We have made this resumé of the decisions of the United States Supreme Court for the purpose of demonstrating by them that that court had conclusively and finally adopted the ruling in the Jensen case, and that it is entirely clear from its opinions and those of the State courts, which it had before it, that it intended in the application of its ruling no distinction to be made between the compulsory and the elective or contractual Compensation Act.

We have given careful thought to the fact, as evidenced by the course of decision and of the two amendments of Congress, that professional and judicial opinion had been reluctant to accept the doctrine of the Jensen case, to the large number of thoughtful and learned articles in legal publications in criticism of its doctrine, to the exposition of the admiralty, jurisdiction presented in the dissenting opinions of Mr.
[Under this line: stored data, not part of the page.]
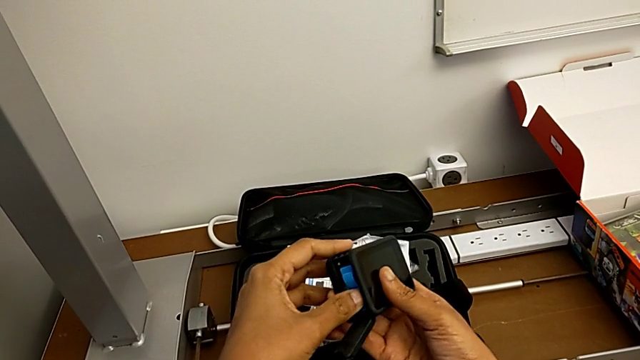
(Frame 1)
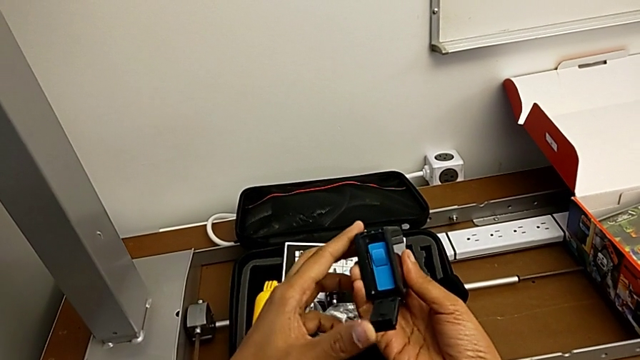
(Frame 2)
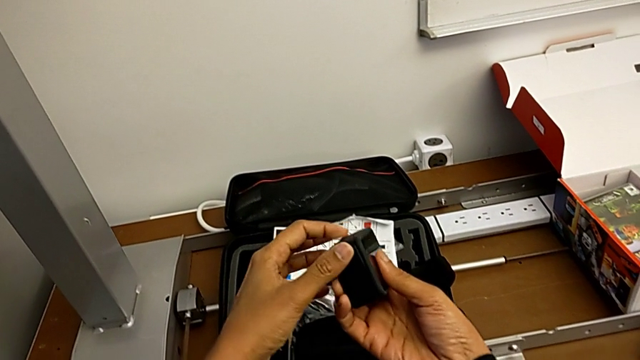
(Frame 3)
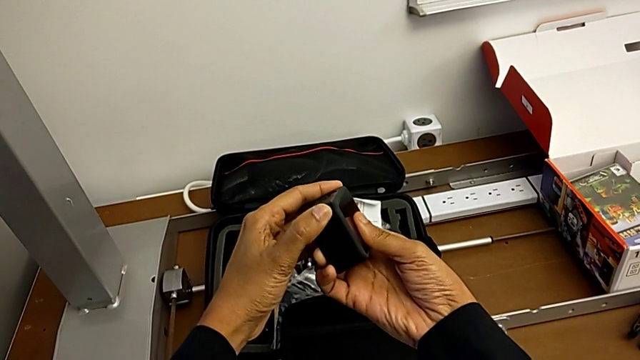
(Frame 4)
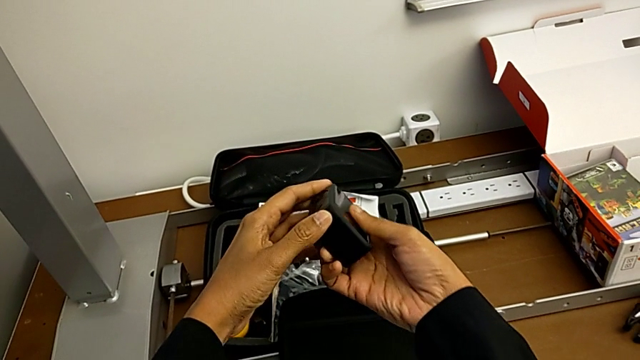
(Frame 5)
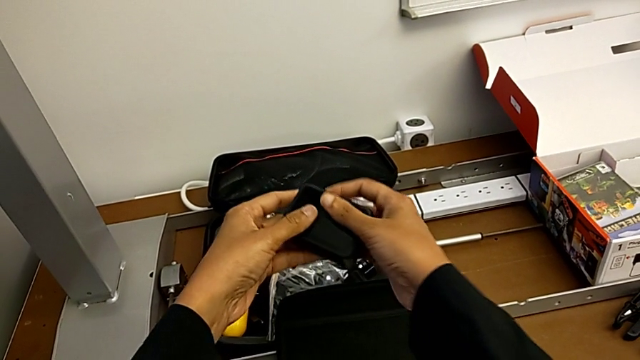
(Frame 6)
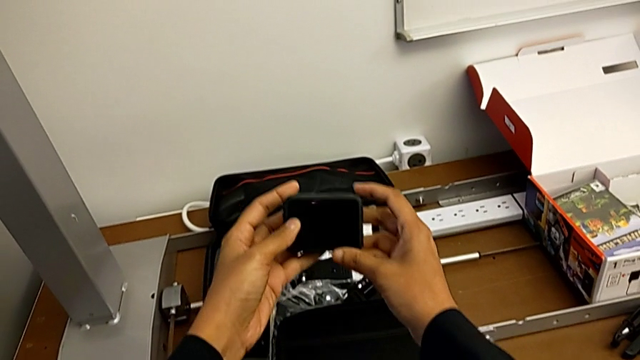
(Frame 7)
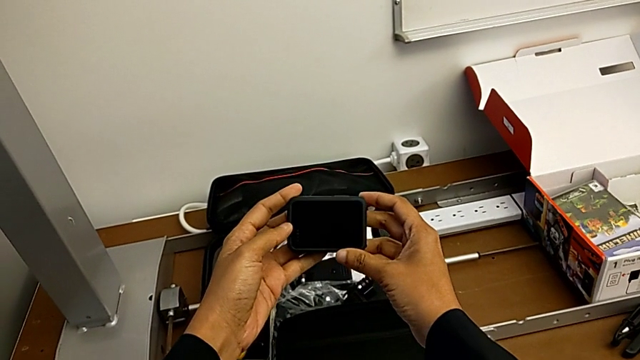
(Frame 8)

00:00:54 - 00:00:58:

Justice Holmes, Mr. Justice Pitney and Mr. Justice Brandéis, and to the claim that the Jensen case nullifies all workmen’s compensation law so far as concerns injuries occurring on navigable water while engaged in maritime work, since no Federal law could satisfy the social needs of the several States, but we do not think the examination of the question of the admiralty jurisdiction is now before us. That was determined, so far as it is involved in this case, by the Jensen case, which controls our present decision. Few subjects in recent years have been presented to the court with more clearness, power and persistency than has the doctrine involved in the Jensen case; that court has had every opportunity to satisfy itself of its soundness, and its continued reiteration of the doctrine of this case must be accepted as its final word.
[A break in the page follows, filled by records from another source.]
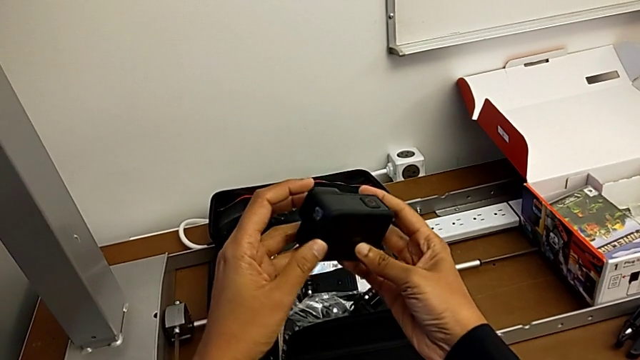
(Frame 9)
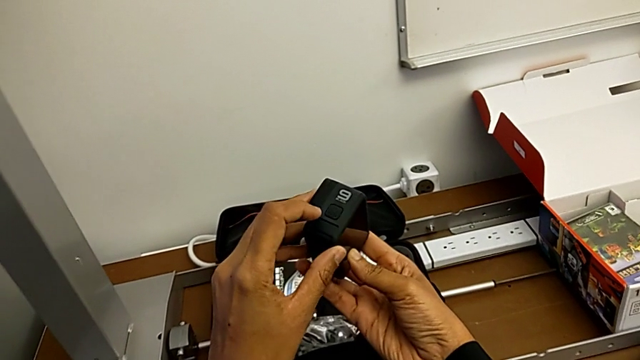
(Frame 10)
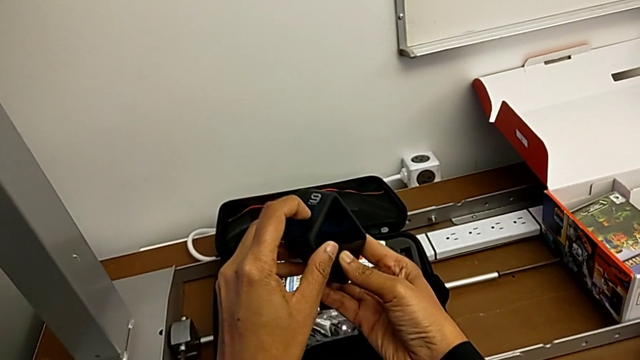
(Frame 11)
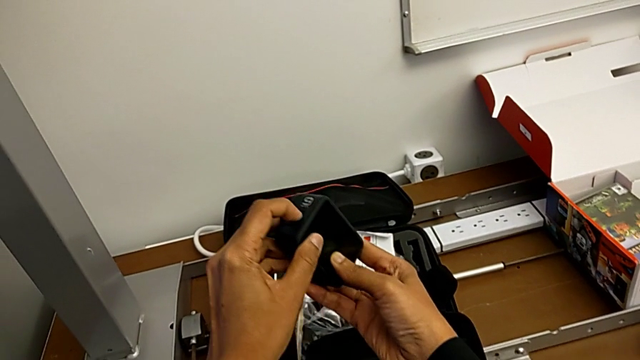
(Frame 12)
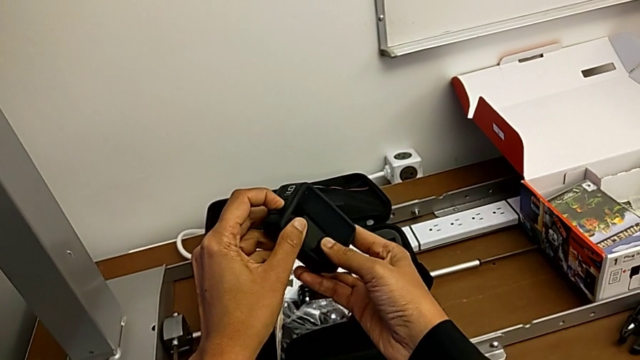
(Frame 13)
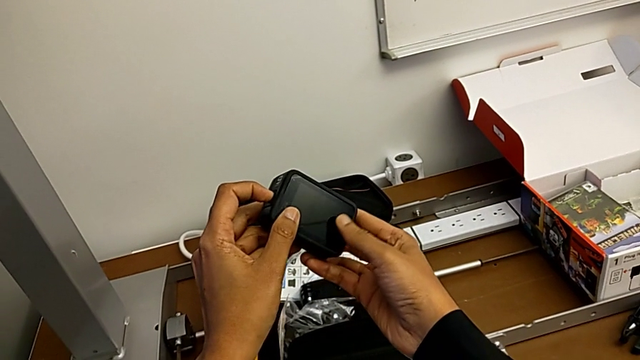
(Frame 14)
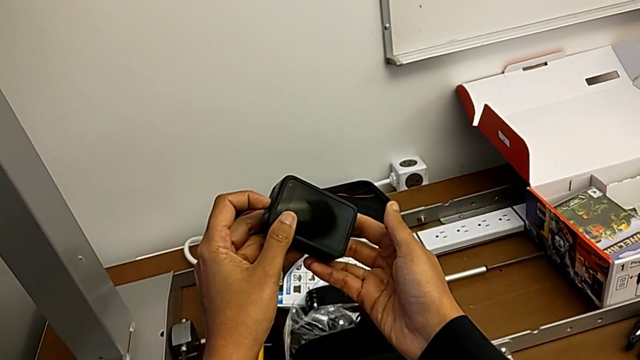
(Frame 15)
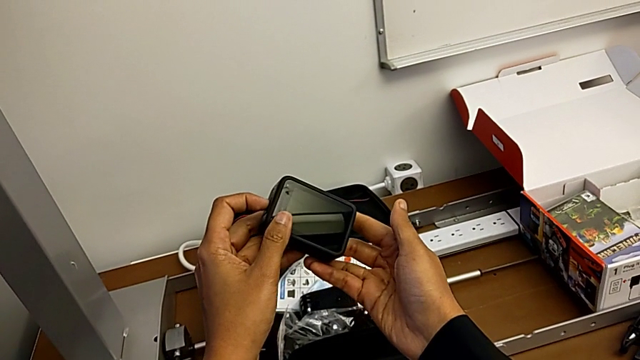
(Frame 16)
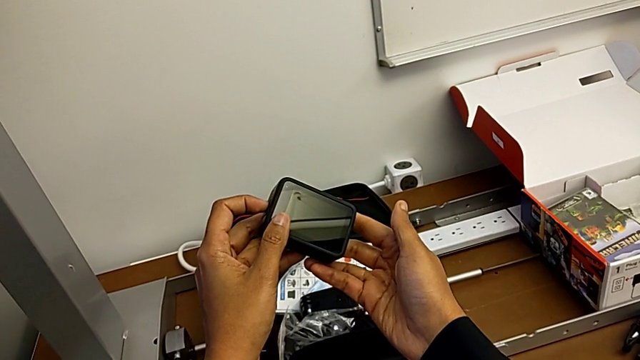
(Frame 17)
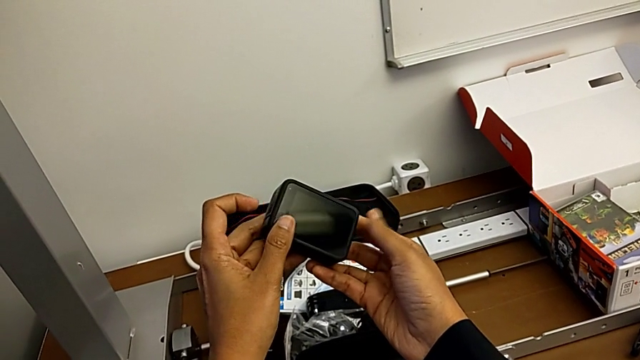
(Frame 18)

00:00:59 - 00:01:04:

At the time the Kennerson case was decided, no courts, so far as we know, had decided this point, but when the Jensen case was decided all State courts which had passed upon the point in cases of award made under Compensation Acts for injuries occurring on navigable water while engaged in maritime work, had decided in accordance with the conclusion reached by this court. Lindstrom v. Mutual Steamship Co., 132 Minn. 328, 156 N.W. 669; North Pacific S. S. Co. v. Industrial Accident Commission, 174 Cal. 346, 163 Pac. 199. That conclusion was supported by the decisions of the United States Supreme Court, notably in the case of The Hamilton, 207 U. S. 398, 28 Sup. Ct. 133, and was, we believe, the law at the time of our decision. It ceased to be the law when the Jensen case was decided.

The Superior Court is advised to sustain the appeal from the Commissioner and vacate his award.

In this opinion the other judges concurred.